Она знала, что это была за искра. Его сущность. То, что делало его не похожим на всех остальных, с кем ей приходилось сталкиваться за все десять лет с момента приезда в Америку. Она светила и манила, влекла за собой…

Даже когда он закрыл глаза и поцеловал ее, она видела эту искру.

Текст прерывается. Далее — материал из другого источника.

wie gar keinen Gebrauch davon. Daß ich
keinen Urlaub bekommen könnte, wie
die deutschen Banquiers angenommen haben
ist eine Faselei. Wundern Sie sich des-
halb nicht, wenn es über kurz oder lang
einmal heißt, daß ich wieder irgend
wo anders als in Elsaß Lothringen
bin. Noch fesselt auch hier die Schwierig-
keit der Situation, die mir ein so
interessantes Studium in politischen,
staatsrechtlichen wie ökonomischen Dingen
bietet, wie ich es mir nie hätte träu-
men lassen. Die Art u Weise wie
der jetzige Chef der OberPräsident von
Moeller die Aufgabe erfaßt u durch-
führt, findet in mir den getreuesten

Она потянулась к ней рукой, но та оказалась слишком глубоко у него в голове. Ей придется за ней пойти. Ей пришлось раздвинуть края его зрачка, чтобы протиснуться внутрь, но неожиданно там оказалось гораздо просторнее, чем ей представлялось: она развела руки, но до стенок не доставала. Ее ноги парили в воздухе, и вокруг царила кромешная тьма — только впереди горела искра. На мгновение ее вдруг охватила паника, но еще до того, как испугаться, она вдруг неожиданно услышала его голос.

— Все хорошо.

Она нервно хихикнула, как подросток на фильме ужасов. У искры начали расти конечности, превращая ее из огня в человека. Пылающего человека. Она думала, что испугается, но этого не случилось. Фигура вела ее в глубь Чандлера и не только не внушала никакого страха, ужаса или трепета, а, наоборот, наполняла чувством защищенности. Какой-то даже праведности. Будто Шадрах, Мешах и Абеднего легкомысленно резвятся в огненной печи[10].

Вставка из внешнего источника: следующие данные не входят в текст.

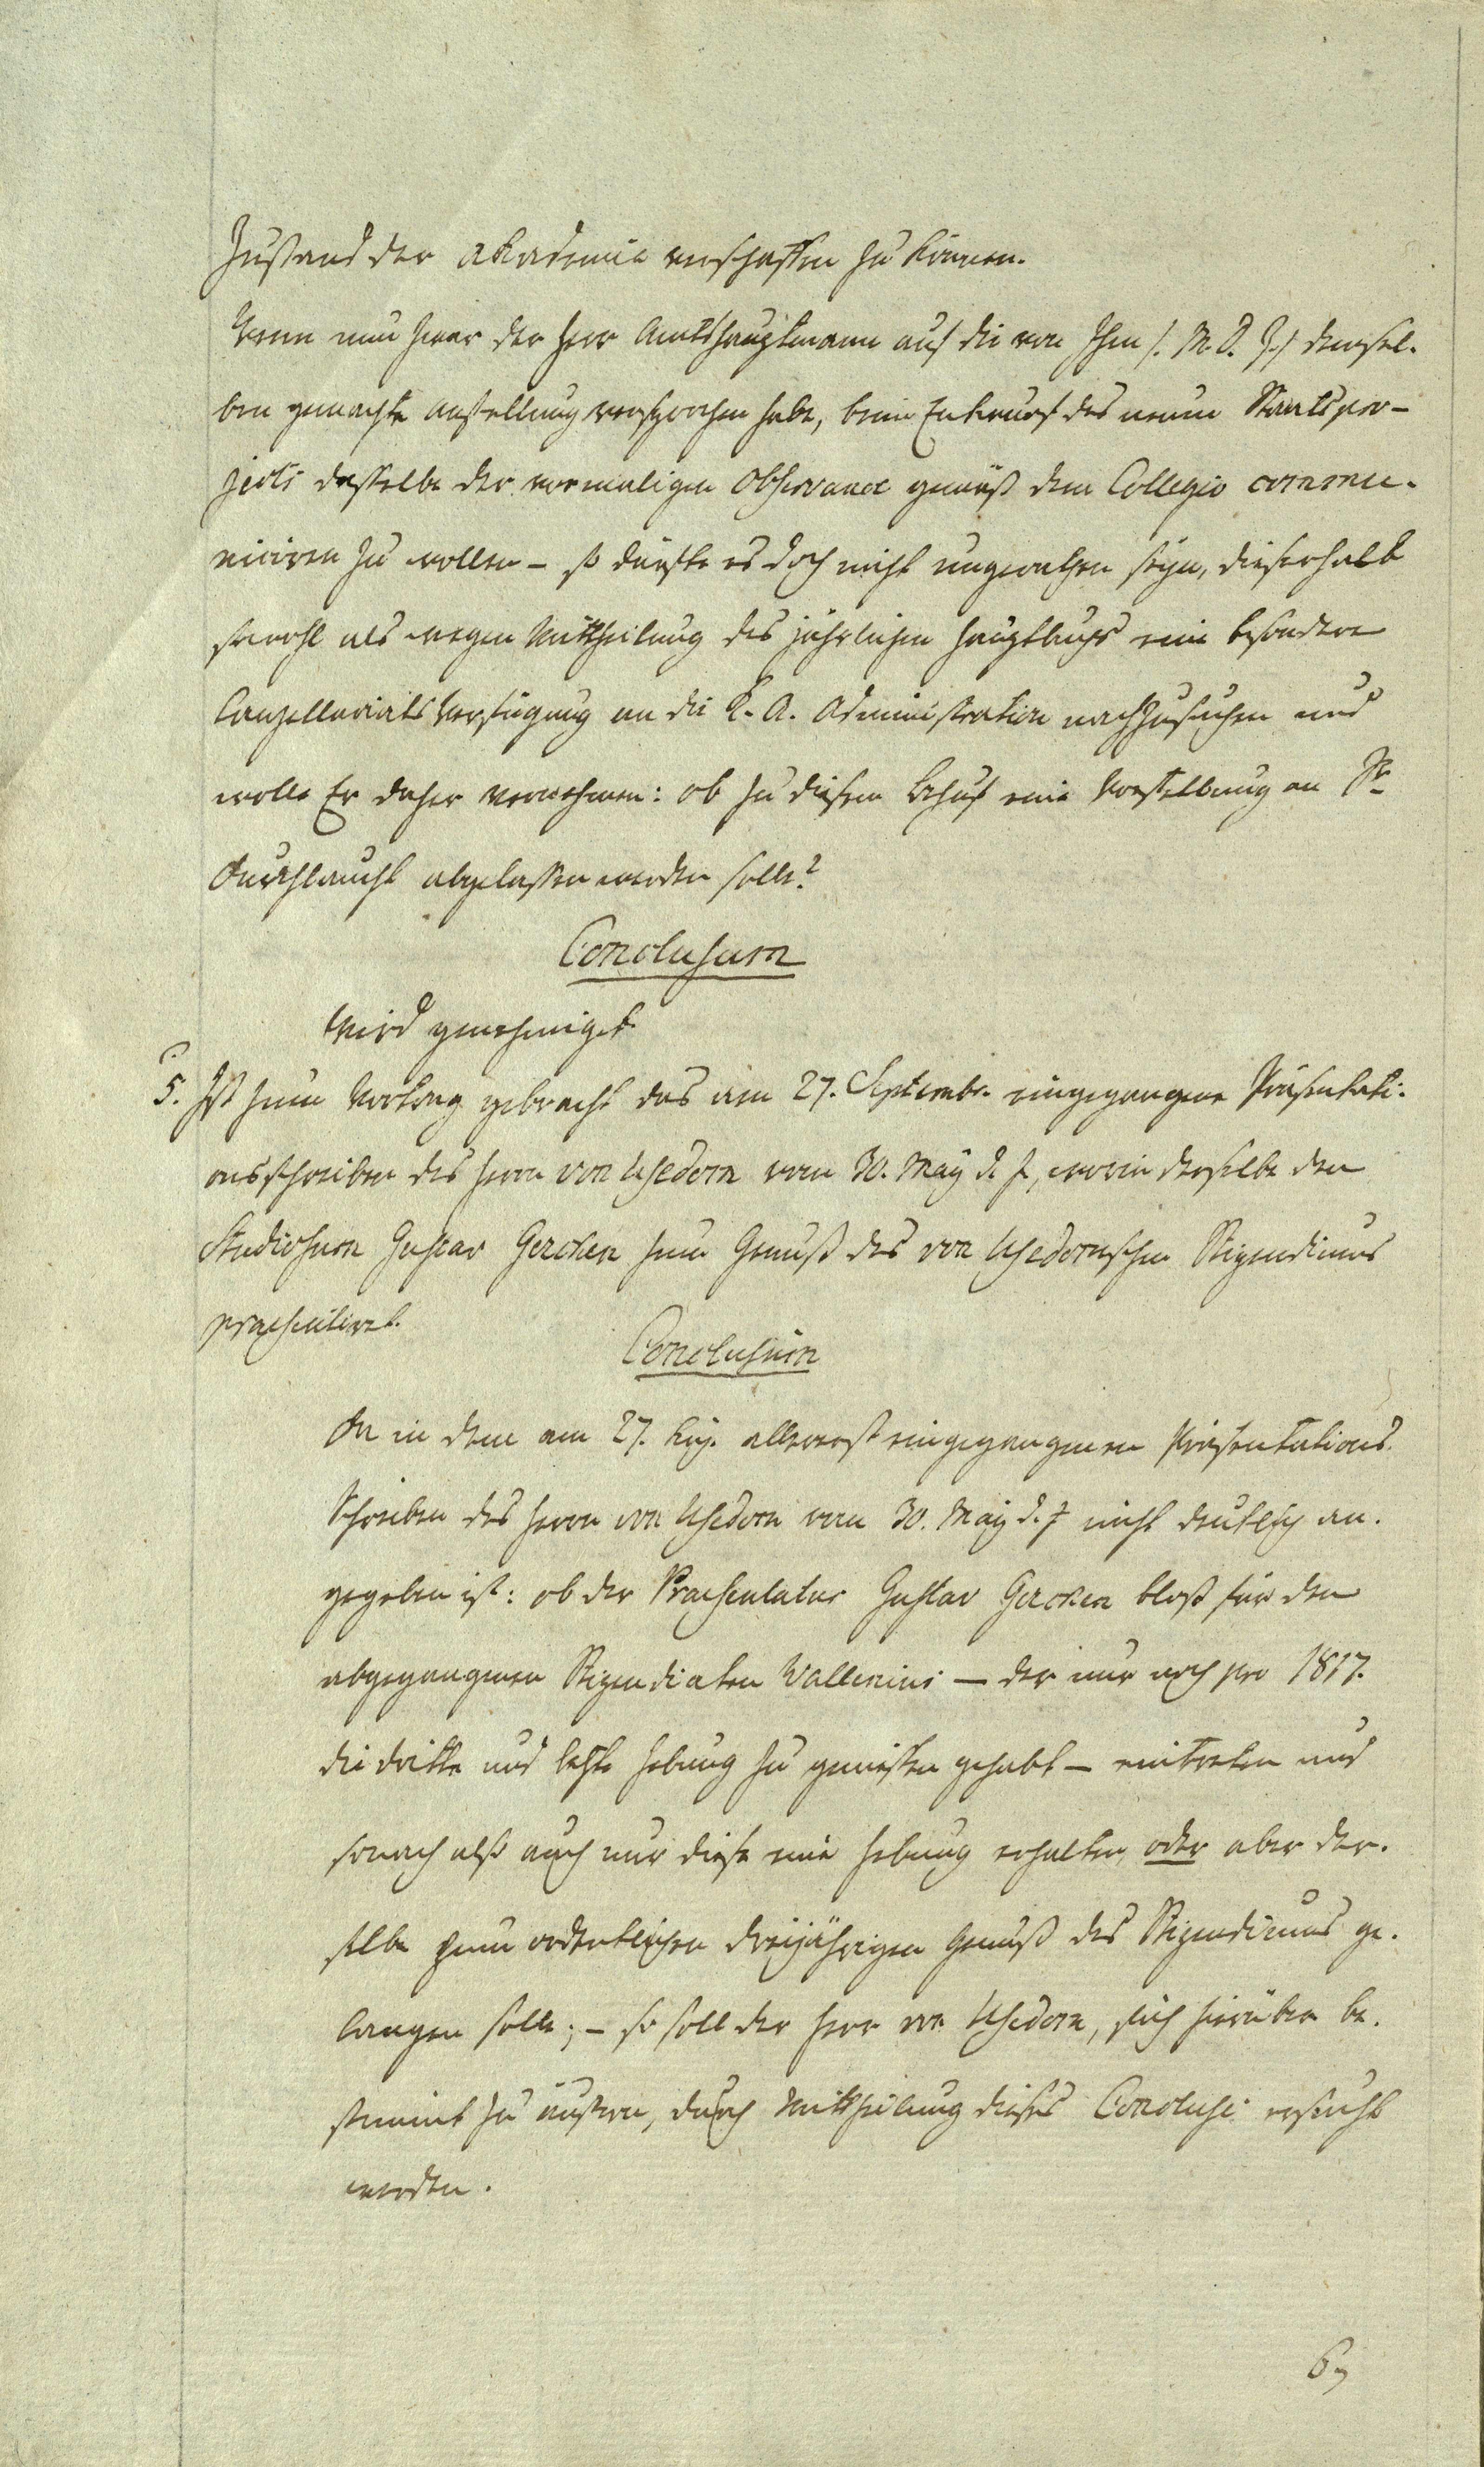Zustand der Akademie verschaffen zu können.
Wenn nun zwar der Herr Amtshauptmann auf die von Ihm / M. D. R./ demsel¬
ben gemachte Anstellung versprochen habe, beim Entwurf des neuen Staatspro¬
jects dasselbe der vormaligen Observance gemäß dem Collegio commu¬
niciren zu wollen - so dürfte es doch nicht angerathen seÿn, dieserhalb
sowohl als wegen Mittheilung des jährlichen Hauptbuchs eine besondere
Canzellariats Verfügung an die K. A. Administration nachzusuchen und
wolle Er daher vernehmen: ob zu diesem Behuf eine Vorstellung an Sr.
Durchlaucht abgelassen werden solle?
Conclusum
Wird genehmiget
5. Ist zum Vortrag gebracht das am 27. Septembr eingegangene Präsentati¬
onsschreiben des Herrn von Usedom vom 30. Maÿ d. J., worin derselbe den
Studiosum Gustav Gercken zum Genuß des von Usedomschen Stipendiums
praesentiret.
Conclusum
Da in dem am 27. huj. allererst eingegangenen Präsentations
Schreiben des Herrn von Usedom vom 30. Maÿ d. J. nicht deutlich an¬
gegeben ist: ob der Praesentatus Gustav Gercken bloß für den
abgegangenen Stipendiaten Wallenius - der nur noch pro 1817.
die dritte und letzte Hebung zu geniessen gehabt - eintreten und
sonach als auch nur diese eine Hebung erhalten oder aber der¬
selbe zum ordentlichen dreijährigen Genuß des Stipendiums ge¬
langen solle; - so soll der Herr von Usedom, sich hierüber be¬
stimmt zu äußern, durch Mittheilung dieses Conclusi ersucht
werden.

Теперь искра начала разрастаться. У нее пропали конечности, она вытягивалась вверх, становясь плоской внизу и по бокам и слегка закругляясь сверху. Сначала она решила, что это надгробный камень, но потом сообразила, что это арочный дверной проем.

Она заглянула туда и увидела книги. Тысячи томов, сложенных в веретенообразные стопки, которые уходили высоко вверх, теряясь в высотах сознания Чандлера. Она думала, что его сущностью, его тайной была искра, но теперь поняла, что та оказалась всего лишь проводником, который доставил ее сюда. А настоящий секрет был спрятан в одном из этих несметных томов, окружавших ее. Клочок бумаги, засунутый между страницами какой-то любимой детской книжки, оказавшейся где-то в самом низу одной из бесчисленных стопок.

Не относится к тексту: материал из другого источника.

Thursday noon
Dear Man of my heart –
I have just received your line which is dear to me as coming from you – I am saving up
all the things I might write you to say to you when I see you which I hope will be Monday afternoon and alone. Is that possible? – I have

Сбоку послышалось смущенное хмыканье.

— Я думал, это выглядит как пещера. Темная, зловещая, с сочащимися сверху каплями, которых не видно.

Чандлер стоял за невысокой стопкой книг, скрывавших его наготу. Она посмотрела на себя и увидела, что тоже была голой и тоже стояла за книгами.

— Судя по всему, ты ученый. — Едва она это произнесла, как вспомнила, что ей рассказывал Моргантхау. Он действительно был ученым, по меньшей мере студентом. Гарвардский институт богословия. — Но почему книги?

Чандлер пожал плечами:

— Наверное, потому, что они надежнее окружающего мира.

— Ты имеешь в виду «политику»? — Наз жестом показала знак кавычек, хотя в данном месте этот жест выглядел явно неуместным.

— У нас в семье это называлось не политикой, а служением. Но мне казалось, что это больше похоже на рабство.

Наз засмеялась.

— И что мы теперь будем делать?

— Не знаю, мне кажется, мы уже это делаем. — Не дав Наз ответить, он снял со стопки перед собой верхнюю книгу и открыл ее. — Посмотри!

Наз искоса бросила взгляд на страницу. Не потому, что ее было трудно разглядеть, а потому, что в это было трудно поверить. Там был номер в мотеле — точнее, кровать, на которой лежали обнаженные Чандлер и Наз, прикрытые одеялом. Но Наз смутило не это. Обзор был отличным благодаря зеркалу над комодом. Как будто она смотрела на себя и Чандлера глазами Моргантхау, чье хриплое дыхание раздавалось в унисон со скрипом кроватных пружин…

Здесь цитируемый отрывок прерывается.